Problem details -> Repeat every entry word for word, skipping the pictures.

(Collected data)
..........
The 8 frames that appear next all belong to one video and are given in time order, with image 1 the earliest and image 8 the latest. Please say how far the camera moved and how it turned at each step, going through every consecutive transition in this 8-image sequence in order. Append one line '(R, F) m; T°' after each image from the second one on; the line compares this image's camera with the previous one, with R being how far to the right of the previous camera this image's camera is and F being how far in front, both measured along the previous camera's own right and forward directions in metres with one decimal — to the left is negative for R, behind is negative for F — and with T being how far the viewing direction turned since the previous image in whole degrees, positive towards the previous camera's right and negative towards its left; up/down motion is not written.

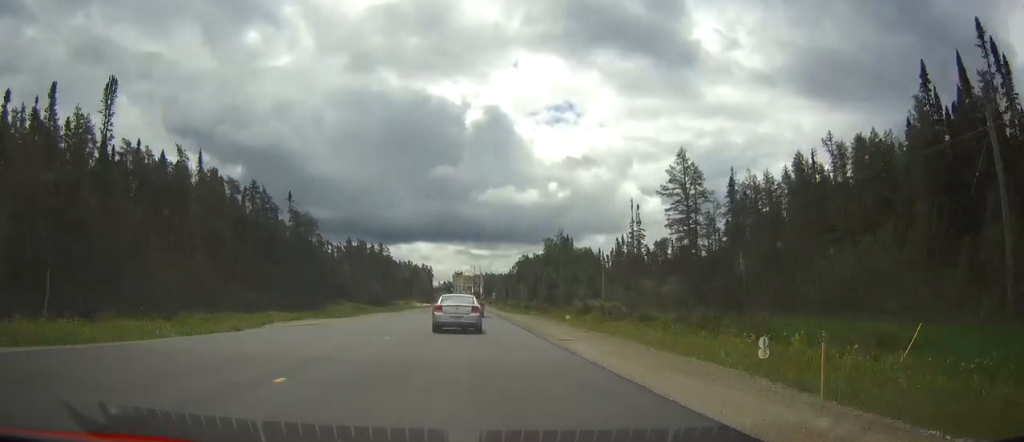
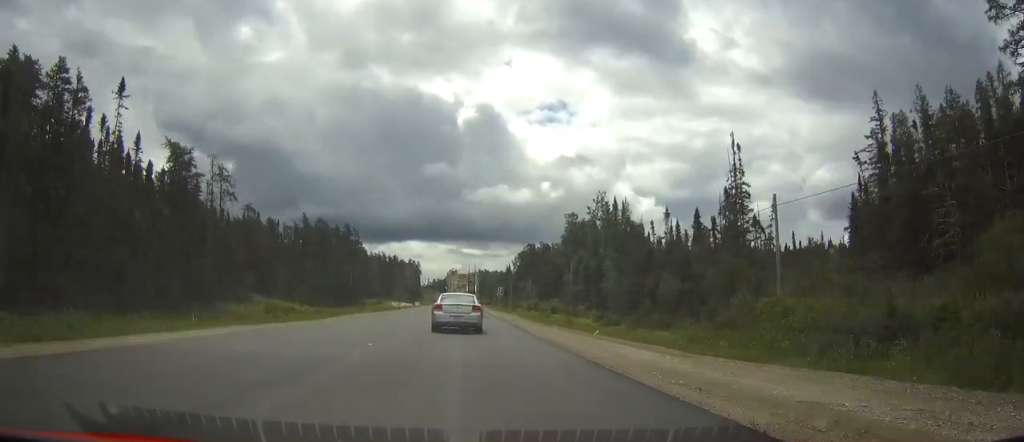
(0.0, +54.8) m; 0°
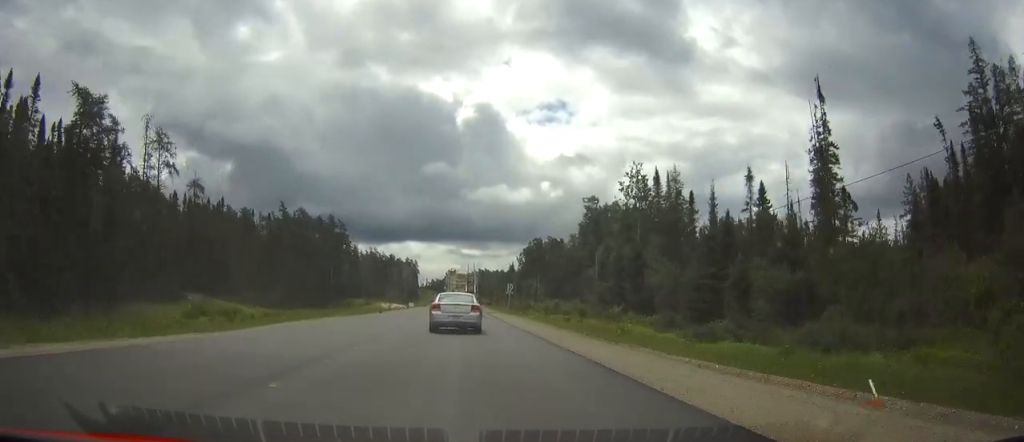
(0.0, +21.7) m; 0°
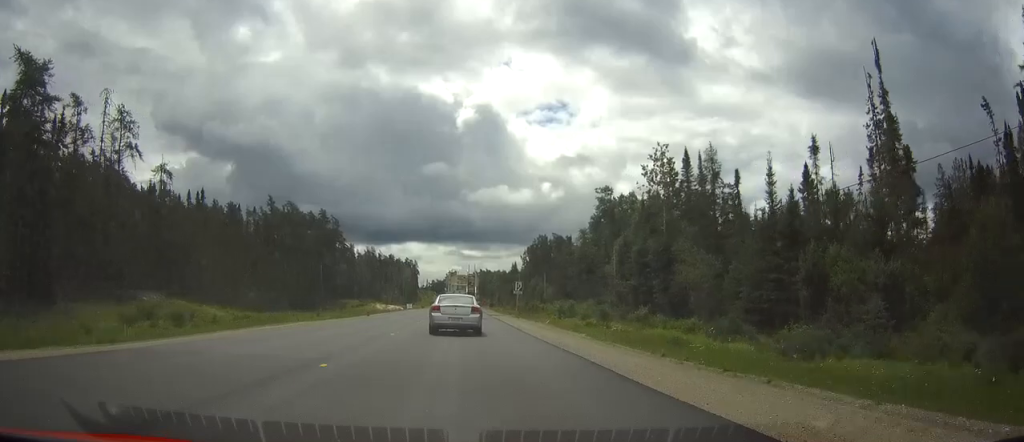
(0.0, +10.4) m; 0°
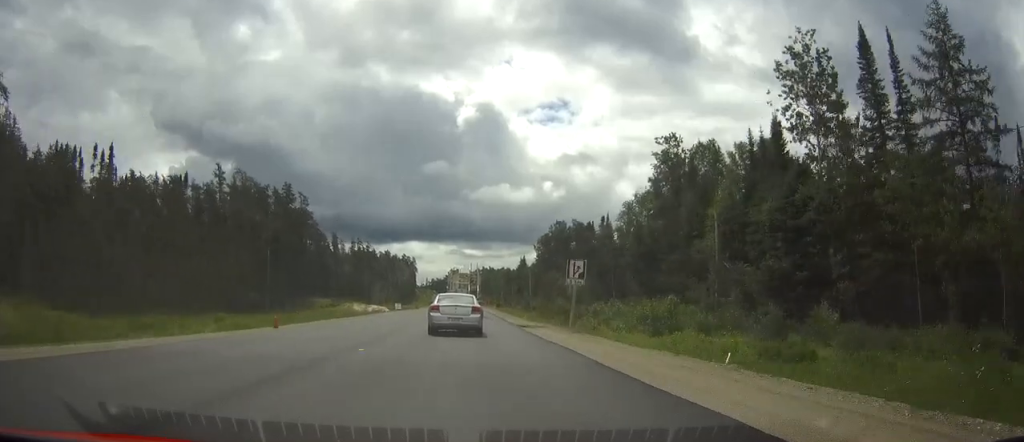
(+0.1, +32.8) m; 0°
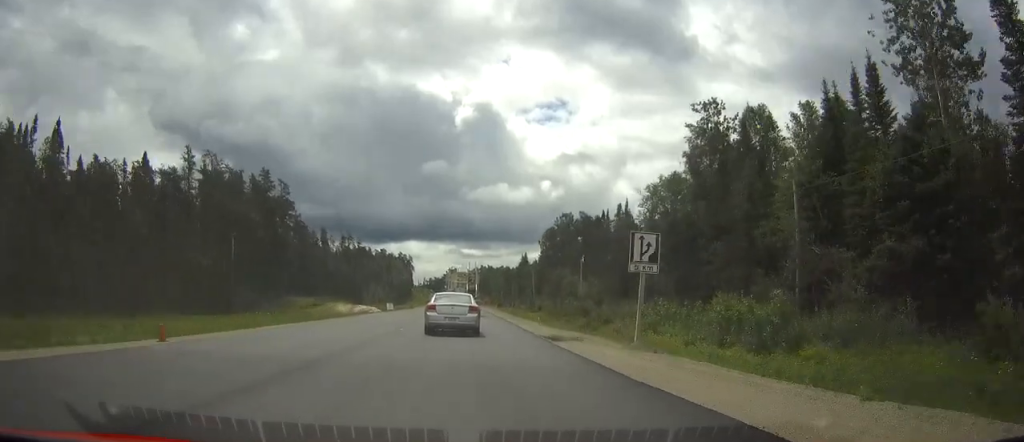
(+0.1, +12.9) m; 0°
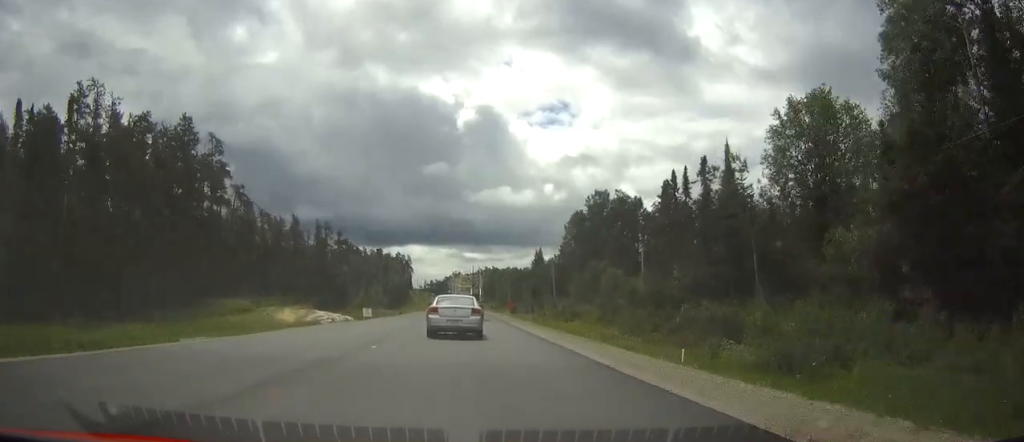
(-0.1, +34.2) m; 0°
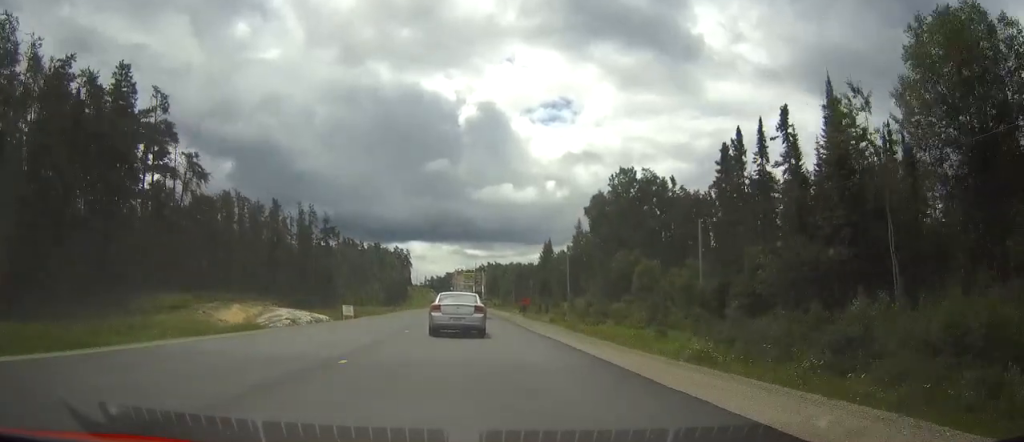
(0.0, +17.0) m; 0°
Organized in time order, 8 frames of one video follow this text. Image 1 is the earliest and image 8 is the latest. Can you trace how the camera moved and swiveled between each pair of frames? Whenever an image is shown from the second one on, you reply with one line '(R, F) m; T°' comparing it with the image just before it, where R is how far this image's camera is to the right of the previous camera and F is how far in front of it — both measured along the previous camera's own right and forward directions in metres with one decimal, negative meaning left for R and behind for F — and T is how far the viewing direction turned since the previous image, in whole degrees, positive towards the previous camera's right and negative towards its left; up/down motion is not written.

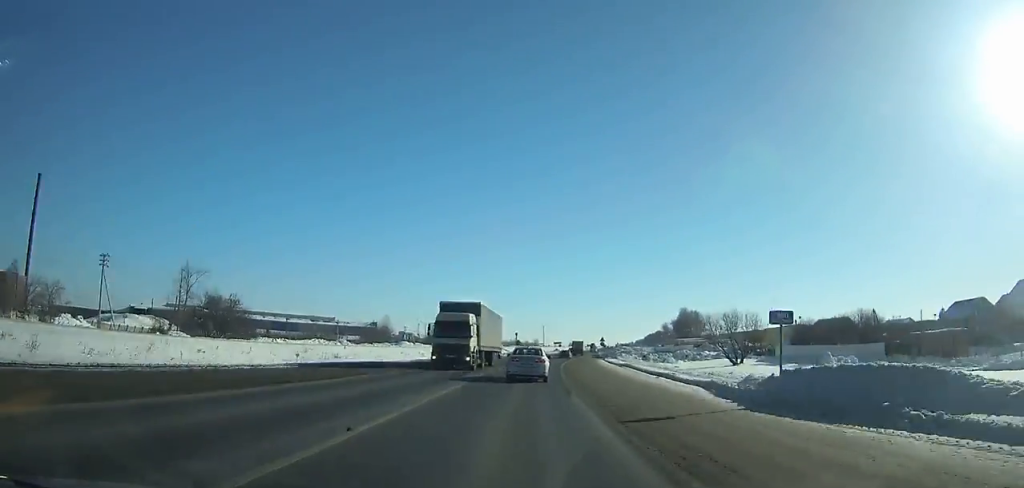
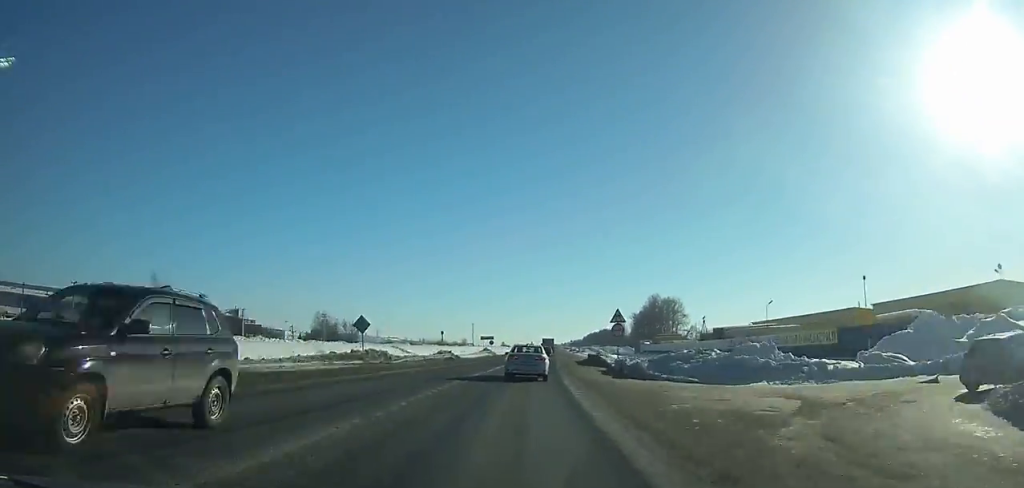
(+4.5, +79.3) m; +6°
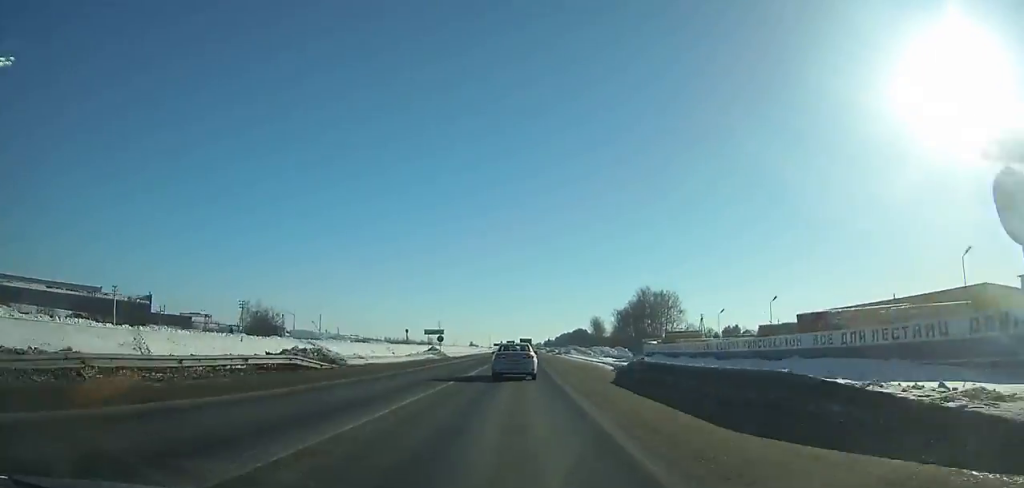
..........
Output for this task ->
The 8 frames that appear next all belong to one video and are given in time order, with image 1 the earliest and image 8 the latest. Please say how far the camera moved and how it turned at each step, going through every consecutive transition in this 8-image sequence in order. Append one line '(R, F) m; T°' after each image from the second one on; the line compares this image's camera with the previous one, with R being how far to the right of the previous camera this image's camera is and F being how far in front, both measured along the previous camera's own right and forward directions in metres with one decimal — to the left is negative for R, behind is negative for F — and with T being how far the viewing direction turned since the previous image in whole degrees, positive towards the previous camera's right and negative towards its left; up/down motion is not written.

(0.0, +54.8) m; 0°
(0.0, +21.7) m; 0°
(0.0, +10.4) m; 0°
(+0.1, +32.8) m; 0°
(+0.1, +12.9) m; 0°
(-0.1, +34.2) m; 0°
(0.0, +17.0) m; 0°
Organized in time order, 8 frames of one video follow this text. Image 1 is the earliest and image 8 is the latest. Can you trace how the camera moved and swiveled between each pair of frames? Whenever an image is shown from the second one on, you reply with one line '(R, F) m; T°' comparing it with the image just before it, where R is how far this image's camera is to the right of the previous camera and F is how far in front of it — both measured along the previous camera's own right and forward directions in metres with one decimal, negative meaning left for R and behind for F — and T is how far the viewing direction turned since the previous image, in whole degrees, positive towards the previous camera's right and negative towards its left; up/down motion is not written.

(+4.5, +79.3) m; +6°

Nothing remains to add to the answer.